A Lyapunov Framework for Quantum Algorithm Design in Combinatorial Optimization with Approximation Ratio Guarantees
Shengminjie Chen, Ziyang Li, Hongyi Zhou, Jialin Zhang, Wenguo Yang, Xiaoming Sun
TL;DR
The paper introduces a quantum Lyapunov control framework to design quantum approximation algorithms for combinatorial optimization with provable guarantees. By constructing a time-dependent Lyapunov function $E(t)$ that incorporates the problem Hamiltonian $\mathbf{H}_f$ and an upper bound on the optimal value, it derives a time-dependent Hamiltonian that ensures monotone improvement and yields lower bounds on the achievable approximation ratio. The framework has one- and two-parameter variants, decomposes the evolution into commuting and non-commuting parts, and uses measurement-feedback to adaptively set parameters, demonstrated on Max-Cut with adaptive variational circuits. Numerical experiments on diverse graph classes show the true ratio converges toward 1 with more iterations, while the Lyapunov-based bounds remain reliable and can be tighter with a two-parameter design. This approach broadens theoretical guarantees for quantum optimization beyond standard QAOA analyses and provides a practical pathway for adaptive, feedback-driven quantum approximation algorithms with provable performance bounds.
Abstract
In this work, we develop a framework aiming at designing quantum algorithms for combinatorial optimization problems while providing theoretical guarantees on their approximation ratios. The principal innovative aspect of our work is the construction of a time-dependent Lyapunov function that naturally induces a controlled Schrödinger evolution with a time dependent Hamiltonian for maximizing approximation ratios of algorithms. Because the approximation ratio depends on the optimal solution, which is typically elusive and difficult to ascertain a priori, the second novel component is to construct the upper bound of the optimal solution through the current quantum state.

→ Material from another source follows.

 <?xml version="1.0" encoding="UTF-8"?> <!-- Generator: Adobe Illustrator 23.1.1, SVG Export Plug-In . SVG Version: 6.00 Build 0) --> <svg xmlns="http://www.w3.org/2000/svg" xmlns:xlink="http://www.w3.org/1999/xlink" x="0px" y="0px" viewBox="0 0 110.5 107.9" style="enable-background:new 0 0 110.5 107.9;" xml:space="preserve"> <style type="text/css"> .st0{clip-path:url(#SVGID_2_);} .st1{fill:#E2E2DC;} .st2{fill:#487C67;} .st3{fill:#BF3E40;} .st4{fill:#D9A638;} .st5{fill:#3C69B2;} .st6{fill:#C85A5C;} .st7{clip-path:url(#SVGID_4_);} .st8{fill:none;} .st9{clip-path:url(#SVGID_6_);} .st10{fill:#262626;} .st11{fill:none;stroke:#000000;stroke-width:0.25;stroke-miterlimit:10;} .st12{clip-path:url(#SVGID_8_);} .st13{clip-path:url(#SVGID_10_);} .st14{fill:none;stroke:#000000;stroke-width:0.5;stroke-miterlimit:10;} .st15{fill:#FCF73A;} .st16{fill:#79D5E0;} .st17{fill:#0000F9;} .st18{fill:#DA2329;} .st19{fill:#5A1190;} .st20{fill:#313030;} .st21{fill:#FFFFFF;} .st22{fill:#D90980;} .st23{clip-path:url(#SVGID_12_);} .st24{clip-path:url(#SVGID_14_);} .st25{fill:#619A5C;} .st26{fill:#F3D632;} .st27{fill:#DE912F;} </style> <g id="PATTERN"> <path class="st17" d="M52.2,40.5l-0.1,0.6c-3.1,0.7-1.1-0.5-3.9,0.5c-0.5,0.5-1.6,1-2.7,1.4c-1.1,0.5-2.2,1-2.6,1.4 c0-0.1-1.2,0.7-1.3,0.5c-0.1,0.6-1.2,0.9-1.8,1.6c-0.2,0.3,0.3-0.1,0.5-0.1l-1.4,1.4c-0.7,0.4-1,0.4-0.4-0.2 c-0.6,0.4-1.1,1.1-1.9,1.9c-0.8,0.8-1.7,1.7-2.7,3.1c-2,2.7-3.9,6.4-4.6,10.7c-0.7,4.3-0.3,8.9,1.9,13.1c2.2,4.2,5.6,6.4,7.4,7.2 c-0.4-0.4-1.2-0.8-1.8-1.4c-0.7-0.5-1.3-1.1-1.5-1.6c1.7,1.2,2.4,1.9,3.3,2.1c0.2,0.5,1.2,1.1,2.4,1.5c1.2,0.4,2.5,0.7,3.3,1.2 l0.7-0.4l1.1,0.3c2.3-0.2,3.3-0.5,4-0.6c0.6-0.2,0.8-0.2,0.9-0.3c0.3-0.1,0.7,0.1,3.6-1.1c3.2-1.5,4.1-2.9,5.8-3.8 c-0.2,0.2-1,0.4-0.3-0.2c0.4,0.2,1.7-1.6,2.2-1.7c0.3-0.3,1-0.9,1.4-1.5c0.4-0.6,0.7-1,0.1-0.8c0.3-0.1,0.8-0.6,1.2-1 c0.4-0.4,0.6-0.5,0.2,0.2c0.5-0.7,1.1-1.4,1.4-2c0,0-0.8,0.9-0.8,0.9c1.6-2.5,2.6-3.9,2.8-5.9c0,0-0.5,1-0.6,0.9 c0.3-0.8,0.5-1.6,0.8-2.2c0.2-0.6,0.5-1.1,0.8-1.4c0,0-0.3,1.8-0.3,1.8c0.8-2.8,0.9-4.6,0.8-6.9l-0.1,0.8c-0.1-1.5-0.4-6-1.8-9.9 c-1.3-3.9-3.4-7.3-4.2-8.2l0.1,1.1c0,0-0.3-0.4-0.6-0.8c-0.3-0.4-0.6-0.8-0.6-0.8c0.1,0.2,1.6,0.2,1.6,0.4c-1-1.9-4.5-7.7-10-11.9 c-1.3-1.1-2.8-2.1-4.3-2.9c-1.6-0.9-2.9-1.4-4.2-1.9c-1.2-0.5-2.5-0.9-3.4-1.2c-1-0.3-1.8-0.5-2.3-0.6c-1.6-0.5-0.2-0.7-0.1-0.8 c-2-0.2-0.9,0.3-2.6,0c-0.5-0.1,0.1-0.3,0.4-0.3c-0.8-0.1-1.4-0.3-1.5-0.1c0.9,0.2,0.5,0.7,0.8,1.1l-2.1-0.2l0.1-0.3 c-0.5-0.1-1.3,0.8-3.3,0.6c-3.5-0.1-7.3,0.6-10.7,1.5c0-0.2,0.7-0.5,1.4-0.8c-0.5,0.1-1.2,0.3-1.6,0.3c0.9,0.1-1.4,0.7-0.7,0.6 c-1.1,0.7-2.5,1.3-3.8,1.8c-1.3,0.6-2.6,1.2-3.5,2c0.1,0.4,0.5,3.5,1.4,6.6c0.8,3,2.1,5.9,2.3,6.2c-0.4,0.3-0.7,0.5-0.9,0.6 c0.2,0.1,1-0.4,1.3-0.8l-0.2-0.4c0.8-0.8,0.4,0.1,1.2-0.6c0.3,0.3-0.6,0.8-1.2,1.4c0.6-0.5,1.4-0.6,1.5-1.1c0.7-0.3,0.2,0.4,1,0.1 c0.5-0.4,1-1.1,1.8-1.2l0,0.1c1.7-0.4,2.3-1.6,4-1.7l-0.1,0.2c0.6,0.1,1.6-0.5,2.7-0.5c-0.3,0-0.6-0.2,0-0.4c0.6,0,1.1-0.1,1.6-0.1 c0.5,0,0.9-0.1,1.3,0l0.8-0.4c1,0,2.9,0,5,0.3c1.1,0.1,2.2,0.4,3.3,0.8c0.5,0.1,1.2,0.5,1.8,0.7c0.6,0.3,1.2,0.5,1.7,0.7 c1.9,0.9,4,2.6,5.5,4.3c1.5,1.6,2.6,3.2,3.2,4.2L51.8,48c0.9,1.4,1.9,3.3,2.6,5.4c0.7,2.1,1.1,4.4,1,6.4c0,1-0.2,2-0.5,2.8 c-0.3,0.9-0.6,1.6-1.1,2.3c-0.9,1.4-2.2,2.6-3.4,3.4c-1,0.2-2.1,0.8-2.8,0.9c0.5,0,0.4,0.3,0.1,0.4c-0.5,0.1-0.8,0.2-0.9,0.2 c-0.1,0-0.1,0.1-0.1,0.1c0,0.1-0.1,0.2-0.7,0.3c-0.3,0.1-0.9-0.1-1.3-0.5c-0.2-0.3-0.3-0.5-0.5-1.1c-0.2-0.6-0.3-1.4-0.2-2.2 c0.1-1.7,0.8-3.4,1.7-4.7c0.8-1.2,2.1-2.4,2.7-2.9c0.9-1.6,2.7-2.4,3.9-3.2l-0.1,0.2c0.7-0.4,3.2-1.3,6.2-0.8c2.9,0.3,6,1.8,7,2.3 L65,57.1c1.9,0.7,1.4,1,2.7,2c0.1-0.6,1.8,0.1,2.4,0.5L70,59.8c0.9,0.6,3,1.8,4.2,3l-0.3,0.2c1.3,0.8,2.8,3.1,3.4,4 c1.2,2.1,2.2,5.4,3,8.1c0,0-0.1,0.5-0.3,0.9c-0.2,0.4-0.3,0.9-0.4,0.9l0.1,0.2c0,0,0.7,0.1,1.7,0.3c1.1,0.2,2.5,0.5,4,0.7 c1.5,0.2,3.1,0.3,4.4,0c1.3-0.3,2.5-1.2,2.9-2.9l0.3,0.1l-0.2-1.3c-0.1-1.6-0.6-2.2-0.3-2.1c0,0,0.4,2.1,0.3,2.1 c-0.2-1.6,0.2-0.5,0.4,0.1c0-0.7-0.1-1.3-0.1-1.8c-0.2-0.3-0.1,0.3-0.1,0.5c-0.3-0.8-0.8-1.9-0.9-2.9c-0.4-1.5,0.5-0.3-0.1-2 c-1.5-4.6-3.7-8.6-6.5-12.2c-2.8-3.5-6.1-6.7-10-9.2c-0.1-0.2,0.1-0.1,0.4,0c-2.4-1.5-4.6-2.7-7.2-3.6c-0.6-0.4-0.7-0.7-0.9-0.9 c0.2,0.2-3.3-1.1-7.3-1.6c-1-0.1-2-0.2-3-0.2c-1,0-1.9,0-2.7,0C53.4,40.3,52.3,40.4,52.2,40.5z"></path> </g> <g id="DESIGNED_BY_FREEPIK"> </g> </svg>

By enforcing the non-decreasing property of this Lyapunov function, we not only derive a class of quantum dynamics that can be simulated by quantum devices but also obtain rigorous bounds on the achievable approximation ratio. As a concrete demonstration, we apply our framework to Max-Cut problem, implementing it as an adaptive variational quantum algorithm based on a Hamiltonian ansatz. This algorithm avoids ansatz and graph structural assumptions and bypasses parameter training through a tunable parameter function integrated with measurement feedback.